Udo Dirkschneider hatte ja in den vergangenen Jahren mehr als Live-Verwalter des „eigenen“ ACCEPT-Erbes denn durch seine U.D.O.-Spielweise Aufmerksamkeit erregt, die ihn ja mitnichten eingerostet zeigt. Von daher kann man vor einem ambitionierten Unterfangen wie dem hier vorliegenden „We Are One“ schon mal den Hut ziehen – ein Konzeptalbum über die Herausforderungen, denen wir uns in der heutigen Zeit auf globaler Ebene stellen müssen. Das neue Album der Band des Wuppertalers nämlich entstand mit freundlicher und bombastischer Unterstützung des Musikkorps der Bundeswehr – eine Wiederholungstat des Musikkorps, diesmal jedoch auf Albumlänge. Vor allem hinsichtlich der militärischen Präsenz auf dem Album brigt das Konzept einige interessante Implikationen, die erkundenswert sind.
Das Musikkorps der Bundeswehr stiehlt U.D.O. rotzfrech die Show
Tatsächlich kann man sogar sagen, dass das Musikkorps der Bundeswehr DAS Alleinstellungsmerkmal dieser Veröffentlichung ist, weshalb man sich überhaupt mit „We Are One“ beschäftigen sollte. Neben – erwartungsgemäß – martialischen Bläsern zieht das Korps so ziemlich alle Register, die man vom Symphonic Metal erwarten kann. Vor allem zeigt es eine Präsenz, die man mit einem Konservenorchester wirklich nur mit filigranster Kleinstarbeit reproduzieren kann. Es klingt gewaltig, organisch und wertet das Album an allen Ecken und Enden auf – ein Album wohlgemerkt, das abzüglich Musikkorps aus rudimentärem U.D.O.-Material besteht.
Am tiefsten sinkt „We Are One“ direkt beim dritten Track „Love And Sin“, wenn Udo und Chor im Refrain doch tatsächlich „Fire“ mit „Desire“ reimen. Autsch! Auch sonst steckt das Album voller Gebärden für die Erde und das Zusammensein und gegen alles, was das ein, das andere oder gar beides gefährdet. Wenn das von mir so platt beschrieben daher kommt, dann liegt das nicht daran, dass ich anderer Meinung bin (was nicht der Fall ist), sondern daran, dass U.D.O. lediglich mit dem erhobenen Zeigefinger wackelt und dabei kein einziges Argument liefert, das nicht irgendwie irgendwo anders schon mal gemacht worden ist. Die Texte gehen mit ihrer Kritik einfach nicht weit genug, zumindest nicht dorthin, wo es (noch) wehtut. Und die oben erwähnten Implikationen werden nicht tief genug erkundet.

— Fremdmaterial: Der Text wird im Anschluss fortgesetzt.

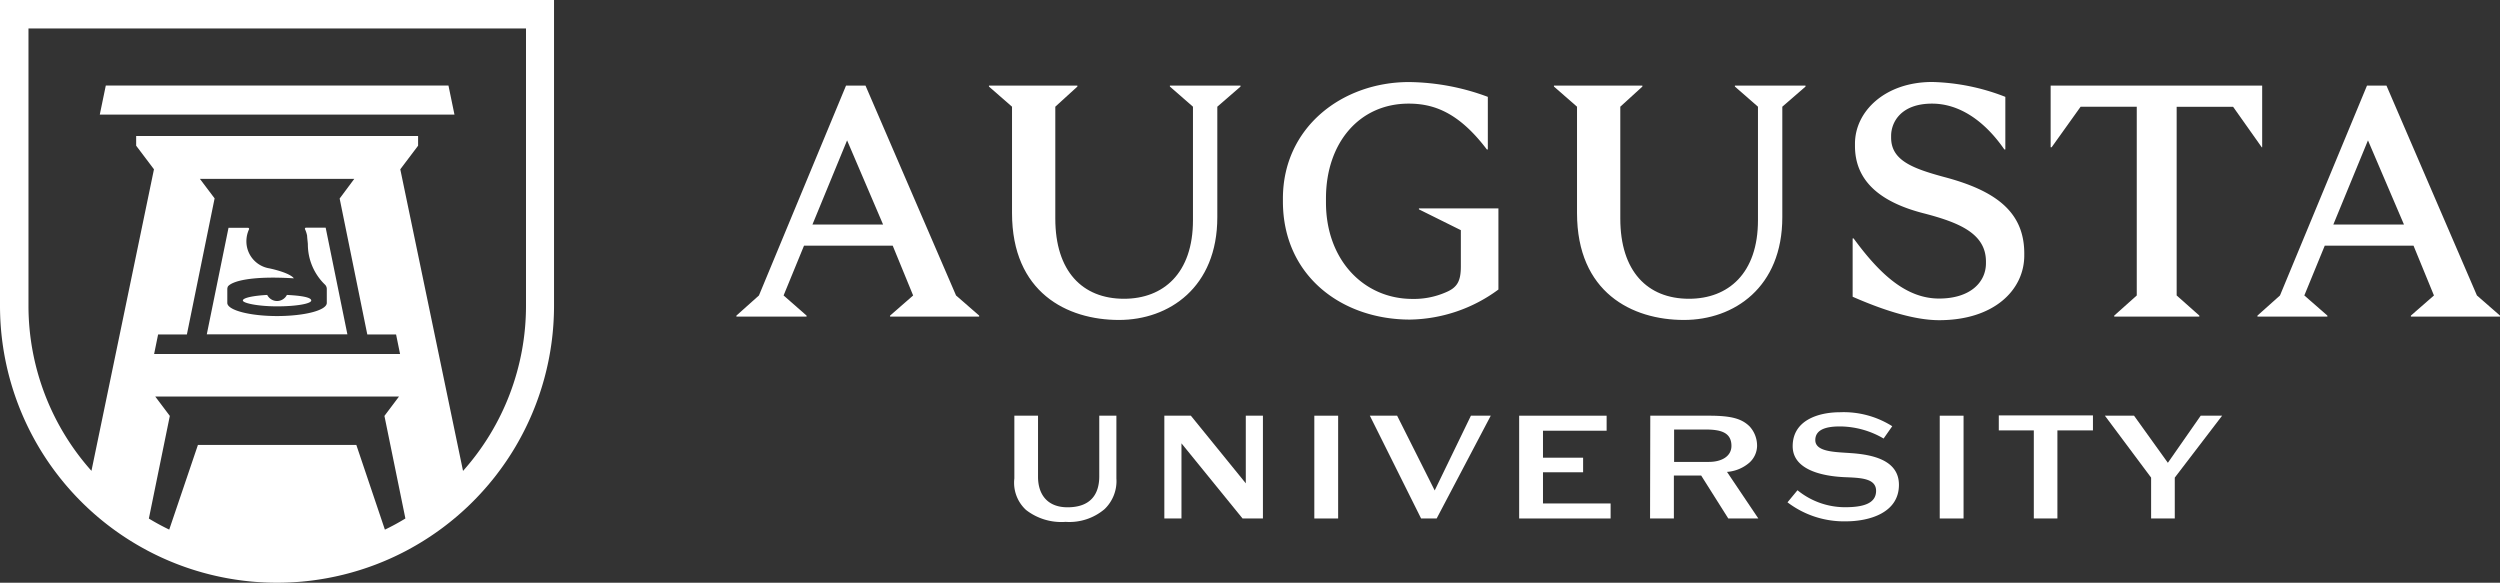 <svg id="Layer_1" data-name="Layer 1" xmlns="http://www.w3.org/2000/svg" viewBox="0 0 332.7 77.55"><rect x="0" y="0" width="332.7" height="77.55" fill="#333333" stroke="none"/><defs><style>.cls-1{fill:#fff;}.cls-2{fill:none;stroke:#003056;stroke-linecap:round;stroke-linejoin:round;stroke-width:0;}</style></defs><title>augustauniversity</title><path class="cls-1" d="M43.34,30.3H40.72a.14.14,0,0,0-.13.2,3.82,3.82,0,0,1,.28.86c0,.25.1,1,.1,1.15a7.45,7.45,0,0,0,2.27,5.36.8.8,0,0,1,.25.58v1.86c0,1-3,1.75-6.62,1.75s-6.62-.78-6.62-1.75V38.46a.8.8,0,0,1,.09-.35c.54-.66,2.94-1.43,8.76-1.07,0,0-.31-.67-3.21-1.32a3.64,3.64,0,0,1-3.1-3.58h0a4.09,4.09,0,0,1,.07-.76,3.82,3.82,0,0,1,.28-.86.14.14,0,0,0-.13-.2H30.41L27.52,44.49H46.23Z"/><path class="cls-1" d="M19,72.93l.68.37a36.87,36.87,0,0,0,34.37,0l.68-.37a36.86,36.86,0,0,0,19-32.26V0H0V40.67A36.86,36.86,0,0,0,19,72.93Zm32.22-2.45L47.42,59.21H26.34L22.52,70.48q-1.39-.67-2.71-1.47L22.6,55.35l-1.94-2.58H53.1l-1.94,2.58L53.95,69Q52.63,69.81,51.23,70.48ZM26.6,23.8H47.15l-1.95,2.62,3.68,18.09,3.83,0,.53,2.6H20.51l.53-2.6h3.83L28.56,26.4ZM3.79,3.79H70V40.67a33,33,0,0,1-8.38,22L53.27,22.53l2.37-3.14V18.1H18.12v1.29l2.37,3.14L12.17,62.66a33,33,0,0,1-8.38-22Z"/><path class="cls-1" d="M36.87,40.06a1.48,1.48,0,0,1-1.31-.81c-1.87.1-3.24.39-3.24.74s2,.78,4.55.78,4.55-.35,4.55-.78-1.37-.65-3.24-.74A1.48,1.48,0,0,1,36.87,40.06Z"/><polygon class="cls-1" points="59.68 11.38 14.08 11.38 13.28 15.25 60.48 15.25 59.68 11.38"/><line class="cls-2" x1="19.02" y1="72.93" x2="19.69" y2="73.3"/><line class="cls-2" x1="54.74" y1="72.93" x2="54.07" y2="73.3"/><path class="cls-1" d="M127.23,39.32,130.31,42v.13H118.45V42l3.07-2.68-2.72-6.63H107l-2.72,6.63L107.34,42v.13H98V42l3-2.68,11.59-27.93h2.59Zm-9.71-9.44-4.79-11.2-4.61,11.2Z"/><path class="cls-1" d="M162,14.2V28.92c0,9.31-6.41,13.66-13.09,13.66-6.9,0-14.23-3.65-14.23-14.23V14.2l-3.07-2.68v-.13h11.77v.13l-2.94,2.68V29.09c0,7,3.6,10.67,9.14,10.67,5.23,0,9.18-3.38,9.18-10.45V14.2l-3.07-2.68v-.13h9.4v.13Z"/><path class="cls-1" d="M198,12.89v7h-.13c-3.82-5.05-7.2-6.1-10.41-6.1-6.59,0-11,5.27-11,12.6v.57c0,7.6,5,12.82,11.51,12.82a10.6,10.6,0,0,0,4.44-.88c1.49-.62,2-1.45,2-3.43V30.63l-5.58-2.77v-.13h10.58v10.8a20.29,20.29,0,0,1-11.77,4c-9.09,0-16.91-5.84-16.91-15.72v-.39c0-9.49,7.91-15.5,16.78-15.5A30.84,30.84,0,0,1,198,12.89Z"/><path class="cls-1" d="M237.19,14.2V28.92c0,9.31-6.41,13.66-13.09,13.66-6.9,0-14.23-3.65-14.23-14.23V14.2l-3.07-2.68v-.13h11.77v.13l-2.94,2.68V29.09c0,7,3.6,10.67,9.14,10.67,5.23,0,9.18-3.38,9.18-10.45V14.2l-3.07-2.68v-.13h9.4v.13Z"/><path class="cls-1" d="M266.87,12.89v7h-.13c-2.64-3.82-6-6.1-9.62-6.1-4.13,0-5.45,2.46-5.45,4.3v.22c0,3,2.77,4.08,7,5.23,6.85,1.8,10.72,4.61,10.72,10.19V34c0,4.57-4,8.61-11.33,8.61-3.65,0-8.12-1.63-11.51-3.12V31.73h.13c3.56,4.87,7.07,8,11.37,8,4.13,0,6.24-2.15,6.24-4.7v-.22c0-3.78-3.65-5.23-8.43-6.46-5.89-1.54-9-4.44-9-8.92v-.31c0-4.3,4-8.21,10.28-8.21A28.51,28.51,0,0,1,266.87,12.89Z"/><path class="cls-1" d="M301,19.61l-3.82-5.4h-7.51V39.32L292.69,42v.13H281.36V42l3-2.68V14.2h-7.47l-3.86,5.4h-.13V11.39h28.15v8.21Z"/><path class="cls-1" d="M329.63,39.32,332.7,42v.13H320.84V42l3.07-2.68-2.72-6.63H309.38l-2.72,6.63L309.73,42v.13h-9.31V42l3-2.68L315,11.39h2.59Zm-9.71-9.44-4.79-11.2-4.61,11.2Z"/><path class="cls-1" d="M146.29,55.32h2.28v8.34a5.17,5.17,0,0,1-1.58,4.1,7.25,7.25,0,0,1-5.18,1.69,7.66,7.66,0,0,1-5.26-1.58,4.91,4.91,0,0,1-1.56-4.2V55.32h3.15v8.13c0,2.28,1.18,4.06,3.93,4.06,3.08,0,4.22-1.75,4.22-4.12Z"/><path class="cls-1" d="M165.36,69l-8.13-10V69h-2.28V55.32h3.53l7.31,9v-9h2.28V69Z"/><path class="cls-1" d="M174.91,69V55.32h3.17V69Z"/><path class="cls-1" d="M189.12,69,182.3,55.32h3.63l5,9.95,4.82-9.95h2.64L191.19,69Z"/><path class="cls-1" d="M202.17,69V55.32h11.64v2h-8.47v3.59h5.34v1.94h-5.34V67h9v2Z"/><path class="cls-1" d="M219.62,55.32h7.8c3,0,4.37.4,5.41,1.42a3.79,3.79,0,0,1,1,2.68,3.06,3.06,0,0,1-1,2.13,5.11,5.11,0,0,1-3,1.25L234,69H230l-3.61-5.72h-3.63V69h-3.17Zm7.8,6.15c1.69,0,3-.74,3-2.13,0-1.88-1.58-2.18-3.49-2.18h-4.14v4.31Z"/><path class="cls-1" d="M250.67,58.36a11.62,11.62,0,0,0-5.79-1.61c-1.46,0-3.3.23-3.3,1.82s2.66,1.58,4.73,1.73c2.75.19,6.4.87,6.4,4.22,0,3.72-3.91,4.86-7.08,4.86a12.41,12.41,0,0,1-7.75-2.53l1.33-1.61a10,10,0,0,0,6.34,2.26c2.34,0,4.12-.46,4.12-2.18s-2.18-1.73-4.23-1.82c-2.83-.13-6.87-.93-6.87-4.12,0-3.42,3.36-4.52,6.32-4.52a12.11,12.11,0,0,1,6.93,1.86Z"/><path class="cls-1" d="M258.14,69V55.32h3.17V69Z"/><path class="cls-1" d="M270.66,69V57.28H266v-2h12.53v2h-4.73V69Z"/><path class="cls-1" d="M286.27,69V63.56l-6.15-8.24H284l4.5,6.27,4.37-6.27h2.85l-6.3,8.24V69Z"/></svg>

„We Are One“ ist rudimentäre Metal-Kost mit überragender Orchestrierung
Musikalisch stimmt das Gröbste aber. Udos Gesang gefällt wie eh und je. Richtig gut ist seine Intensitätssteigerung zu Beginn des Openers „Pandemonium“ geworden. Auch die Metal-Sektion (sprich: U.D.O.) gibt sich in technischer Hinsicht nicht die Blöße und liefert beisipelsweise in „Future Is The Reason Why“ einen drückenden Triolenrhythmus, lässt „Rebel Town“ mächtig durch das Gemüse stampfen oder zieht bei „We Strike Back“ das Tempo an inklusive klassisch angehauchtem Gitarrensolo. „Here We Go Again“ geht sogar richtig derbe in die Hüfte und lässt diese fast ein bisschen swingen. Hier zerkaut Udo auch in herrlicher Manier die Kulisse mit seinem fast Rap-artigen Gesang.
Der dargebotene Metal wirkt an einigen Stellen ein bisschen klischeebehaftet und oberflächlich, um nicht zu sagen: handzahm, selten pointiert geschweige denn aggressiv. Aber diese Falten bügelt das Musikkorps durch seine enorme Präsenz im Handumdrehen wieder glatt. Vor allem in den (Semi-)Instrumentals „Blackout“, „Natural Forces“ und „Beyond Gravity“ lässt das Korps seine Muskeln eindrucksvoll spielen, wie auch in den Chor-Passagen, die im Rausschmeißer „Beyond Good And Evil“ etwas fast Sakrales haben. „We Are One“ sollte also vor allem für die hervorragende Orchestralarbeit der Bundeswehr gefeiert werden. Der Rest ist rudimentärer Unterbau aus dem Mittelfeld, der selten spürbare Anstrengungen unternimmt, um aus dem Schatten des Symphonic-Anteils zu hüpfen.